Sejak awal hingga pertengahan abad XX perusahaan multinasional Jepang seperti Sony, Toyota, Panasonic, Mitsubishi Electric, dan Hitachi memiliki pusat R&D yang sangat maju.
Di Korea Selatan, KAIST (Korea Advanced Institute of Science & Technology) didirikan tahun 1971, berfokus pada sains dan teknologi. Ini adalah salah satu lembaga utama yang mendorong inovasi di negara tersebut.
Sejak 1970-1980, Samsung, LG, dan Hyundai Motor Company memiliki pusat R&D yang sangat besar dan berpengaruh. Lotte R&D Center didirikan pada bulan Juni 1983, menjadi lembaga penelitian terbaik untuk produk makanan di Korea Selatan.

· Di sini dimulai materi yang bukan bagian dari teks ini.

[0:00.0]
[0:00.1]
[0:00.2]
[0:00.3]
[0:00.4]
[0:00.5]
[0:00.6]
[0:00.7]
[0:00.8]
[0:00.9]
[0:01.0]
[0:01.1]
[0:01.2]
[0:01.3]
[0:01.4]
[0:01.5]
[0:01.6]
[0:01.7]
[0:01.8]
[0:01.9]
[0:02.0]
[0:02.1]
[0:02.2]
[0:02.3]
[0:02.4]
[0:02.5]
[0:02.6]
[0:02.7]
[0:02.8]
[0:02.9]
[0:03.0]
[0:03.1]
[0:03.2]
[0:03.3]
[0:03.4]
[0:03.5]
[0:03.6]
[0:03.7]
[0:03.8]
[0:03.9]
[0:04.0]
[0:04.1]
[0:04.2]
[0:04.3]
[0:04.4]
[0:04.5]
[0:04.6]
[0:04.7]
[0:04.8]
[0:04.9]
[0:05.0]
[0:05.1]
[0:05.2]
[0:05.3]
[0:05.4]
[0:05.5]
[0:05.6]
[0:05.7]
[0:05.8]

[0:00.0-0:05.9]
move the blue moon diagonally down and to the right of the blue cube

DI Taiwan, ITRI (Industrial Technology Research Institute) didirikan tahun 1973, memainkan peran penting dalam mendorong inovasi industri di berbagai bidang termasuk teknologi informasi dan komunikasi, semikonduktor, dan energi hijau.

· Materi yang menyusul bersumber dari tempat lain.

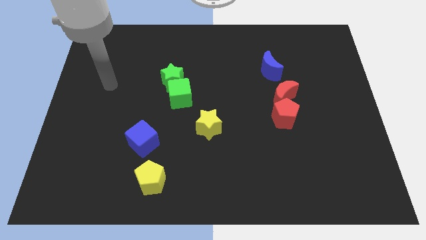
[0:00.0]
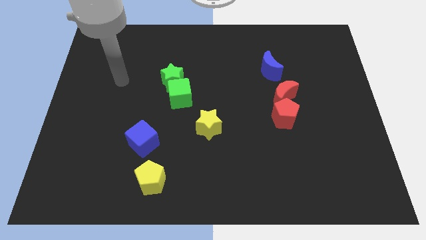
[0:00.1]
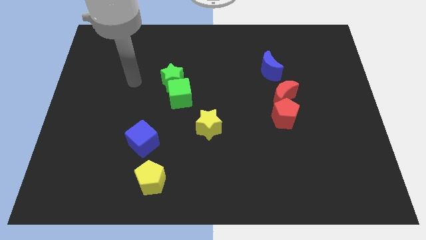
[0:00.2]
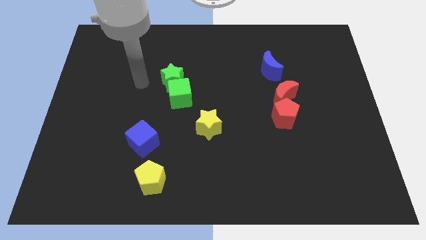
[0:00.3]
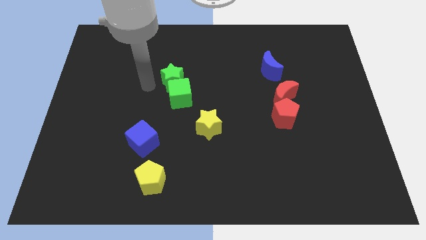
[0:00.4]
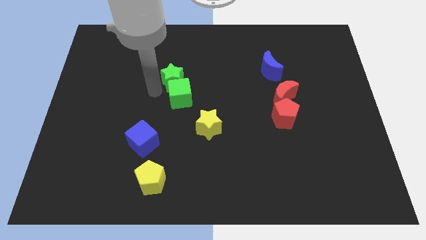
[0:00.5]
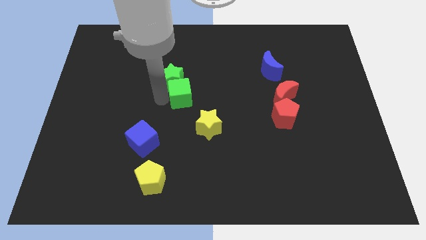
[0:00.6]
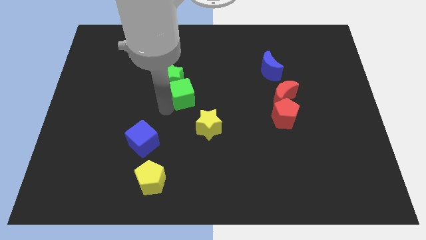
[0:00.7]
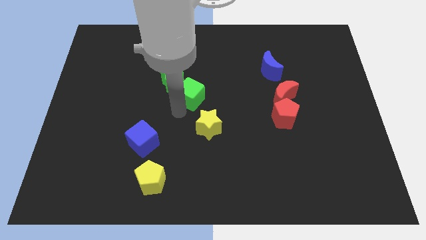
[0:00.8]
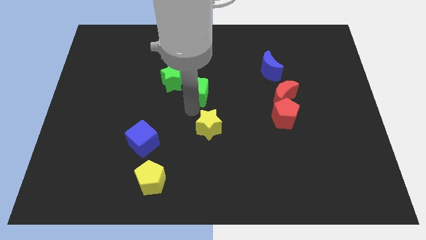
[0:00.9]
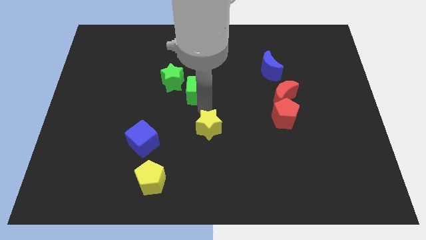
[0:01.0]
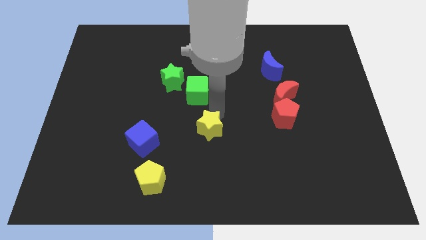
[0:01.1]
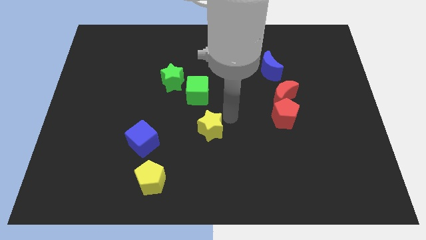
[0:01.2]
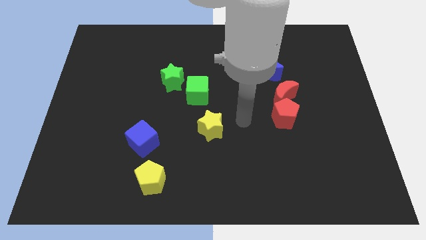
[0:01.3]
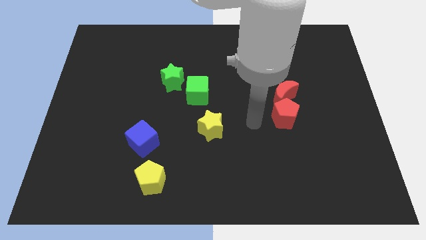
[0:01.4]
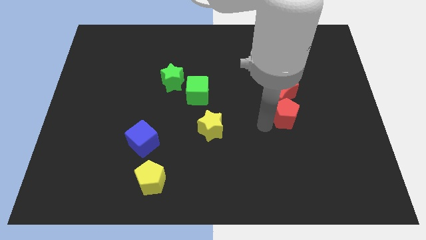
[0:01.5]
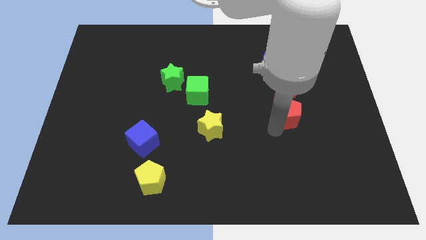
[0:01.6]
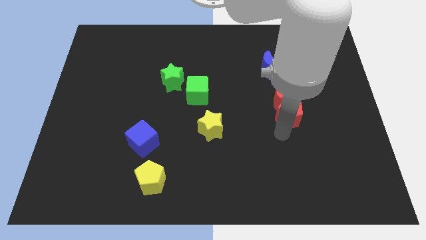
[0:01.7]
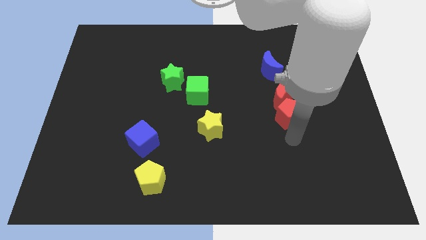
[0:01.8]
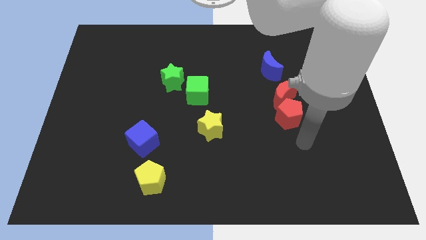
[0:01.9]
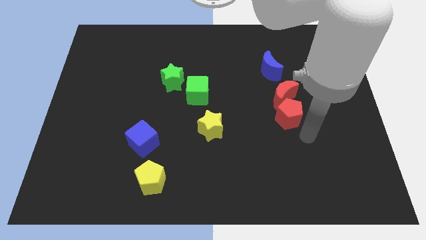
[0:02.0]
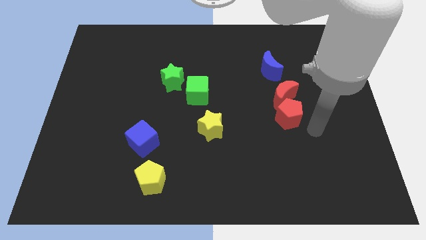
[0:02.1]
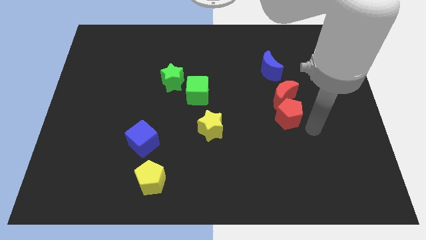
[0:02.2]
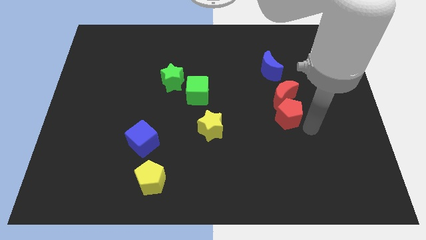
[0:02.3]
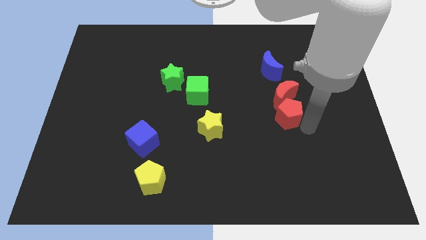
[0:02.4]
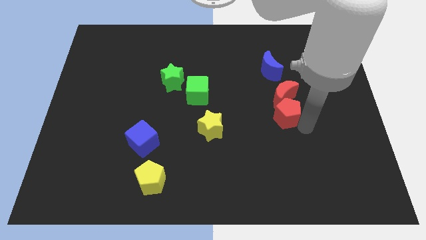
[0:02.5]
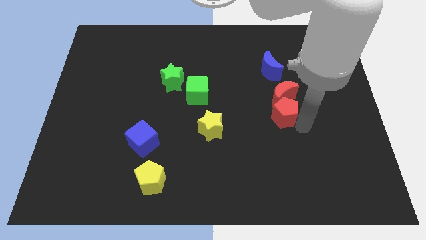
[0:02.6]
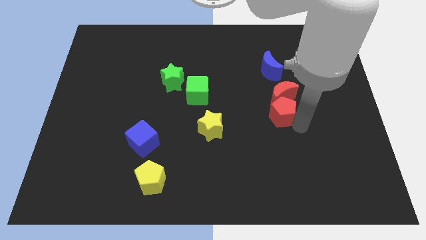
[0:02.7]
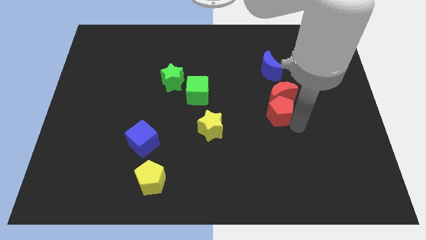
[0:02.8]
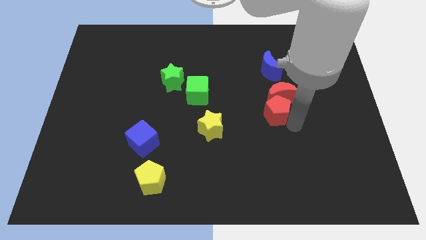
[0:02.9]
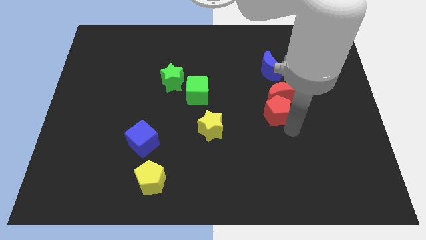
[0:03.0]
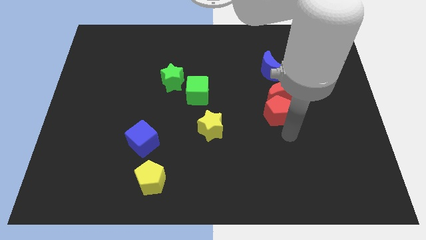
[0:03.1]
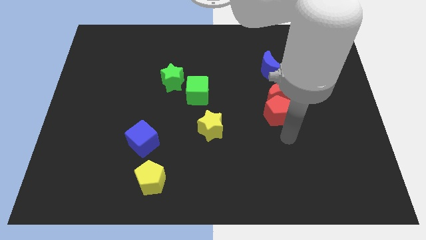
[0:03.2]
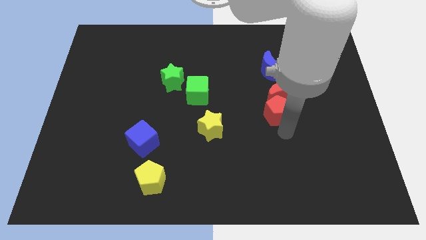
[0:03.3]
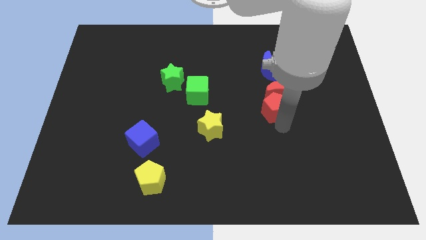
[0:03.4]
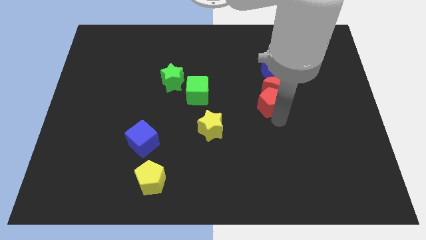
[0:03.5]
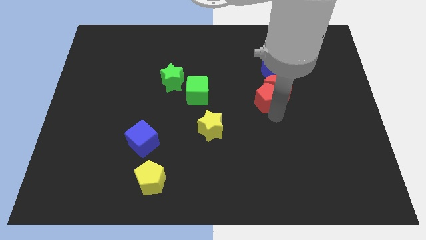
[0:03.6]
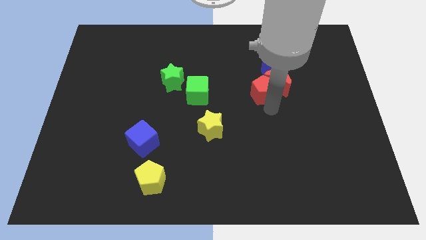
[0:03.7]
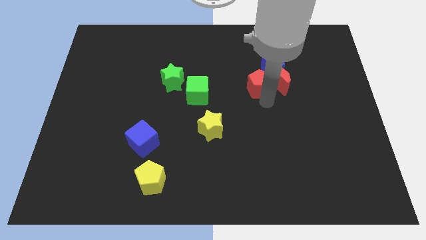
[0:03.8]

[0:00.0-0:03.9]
put the red pentagon diagonally up and to the left of the red moon

TSMC (Taiwan Semiconductor Manufacturing Company) adalah perusahaan swasta, mereka memiliki pusat R&D sangat besar dan menjadi pemimpin global dalam industri semikonduktor. Investasi R&D mereka sangat signifikan untuk terus mengembangkan teknologi chip. TSMC didirikan pada tahun 1987.
Berkaca dari negara-negara maju diatas, visi keunggulan kompetitif negara-bangsa sudah disiapkan sejak puluhan tahun melalui investasi dibidang R&D yang juga melibatkan perguruan tinggi dan perusahaan.
Saat ini Indonesia masih ‘di sini’, dan negara maju sudah ‘disana’ karena konsistensi terhadap visi misi jadi negara-bangsa unggul dengan mengandalkan R&D (kecuali teknologi dirgantara PT. DI dan teknologi pertahanan PT PINDAD patut diacungi jempol walau harus terus didukung total).
Tapi kalau melihat situasi perpolitikan dan peran partai politiki saat ini yang masih ‘letoy’ dalam melahirkan political will yang kuat untuk menjadi negara-bangsa maju, miris juga rasanya. Masak harus bikin partai Teknologi Indonesia? Tetapi walaupun terlambat lebih baik dimulai dari sekarang, menggenjot percepatan transformasi teknologi, dan penerapannya disemua aspek kehidupan. Masak masih suka bermain petak-umpet post-truth dalam mengelola negara ini? Melompat bro! Jangan ‘mbrangkang’! (istilah Jawa untuk merangkak terseok-seok, karena kebanyakan pansos, omon-omon dan sibuk cari kekayaan diri).